■ RECORD EXTRACTS ■
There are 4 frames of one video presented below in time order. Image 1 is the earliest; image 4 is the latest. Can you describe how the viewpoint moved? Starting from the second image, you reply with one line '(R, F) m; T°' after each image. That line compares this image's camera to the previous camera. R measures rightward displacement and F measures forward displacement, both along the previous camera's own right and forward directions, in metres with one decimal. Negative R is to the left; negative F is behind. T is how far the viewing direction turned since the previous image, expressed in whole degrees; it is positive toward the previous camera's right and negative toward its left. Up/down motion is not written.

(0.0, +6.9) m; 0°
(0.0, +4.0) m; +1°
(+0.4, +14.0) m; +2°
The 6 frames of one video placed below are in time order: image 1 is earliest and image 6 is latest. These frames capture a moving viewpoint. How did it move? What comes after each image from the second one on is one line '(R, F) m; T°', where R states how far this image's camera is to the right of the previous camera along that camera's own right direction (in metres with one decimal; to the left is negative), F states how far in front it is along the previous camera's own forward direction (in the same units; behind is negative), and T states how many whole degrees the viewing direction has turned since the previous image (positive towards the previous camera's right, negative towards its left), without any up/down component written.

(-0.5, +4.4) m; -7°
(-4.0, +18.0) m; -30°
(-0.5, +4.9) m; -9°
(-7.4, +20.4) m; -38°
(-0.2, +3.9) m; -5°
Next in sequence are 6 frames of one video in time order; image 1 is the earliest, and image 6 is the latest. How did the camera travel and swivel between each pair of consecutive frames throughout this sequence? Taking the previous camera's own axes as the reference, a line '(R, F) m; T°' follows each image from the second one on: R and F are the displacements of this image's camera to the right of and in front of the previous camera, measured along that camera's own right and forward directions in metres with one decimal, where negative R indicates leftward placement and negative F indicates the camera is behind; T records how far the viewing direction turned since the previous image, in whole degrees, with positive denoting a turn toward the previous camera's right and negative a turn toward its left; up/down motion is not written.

■ WHAT THE TASK REQUIRES ■
Print every record above exactly as it stands.

■ YOUR SOLUTION ■
There are 4 frames of one video presented below in time order. Image 1 is the earliest; image 4 is the latest. Can you describe how the viewpoint moved? Starting from the second image, you reply with one line '(R, F) m; T°' after each image. That line compares this image's camera to the previous camera. R measures rightward displacement and F measures forward displacement, both along the previous camera's own right and forward directions, in metres with one decimal. Negative R is to the left; negative F is behind. T is how far the viewing direction turned since the previous image, expressed in whole degrees; it is positive toward the previous camera's right and negative toward its left. Up/down motion is not written.

(0.0, +6.9) m; 0°
(0.0, +4.0) m; +1°
(+0.4, +14.0) m; +2°
The 6 frames of one video placed below are in time order: image 1 is earliest and image 6 is latest. These frames capture a moving viewpoint. How did it move? What comes after each image from the second one on is one line '(R, F) m; T°', where R states how far this image's camera is to the right of the previous camera along that camera's own right direction (in metres with one decimal; to the left is negative), F states how far in front it is along the previous camera's own forward direction (in the same units; behind is negative), and T states how many whole degrees the viewing direction has turned since the previous image (positive towards the previous camera's right, negative towards its left), without any up/down component written.

(-0.5, +4.4) m; -7°
(-4.0, +18.0) m; -30°
(-0.5, +4.9) m; -9°
(-7.4, +20.4) m; -38°
(-0.2, +3.9) m; -5°
Next in sequence are 6 frames of one video in time order; image 1 is the earliest, and image 6 is the latest. How did the camera travel and swivel between each pair of consecutive frames throughout this sequence? Taking the previous camera's own axes as the reference, a line '(R, F) m; T°' follows each image from the second one on: R and F are the displacements of this image's camera to the right of and in front of the previous camera, measured along that camera's own right and forward directions in metres with one decimal, where negative R indicates leftward placement and negative F indicates the camera is behind; T records how far the viewing direction turned since the previous image, in whole degrees, with positive denoting a turn toward the previous camera's right and negative a turn toward its left; up/down motion is not written.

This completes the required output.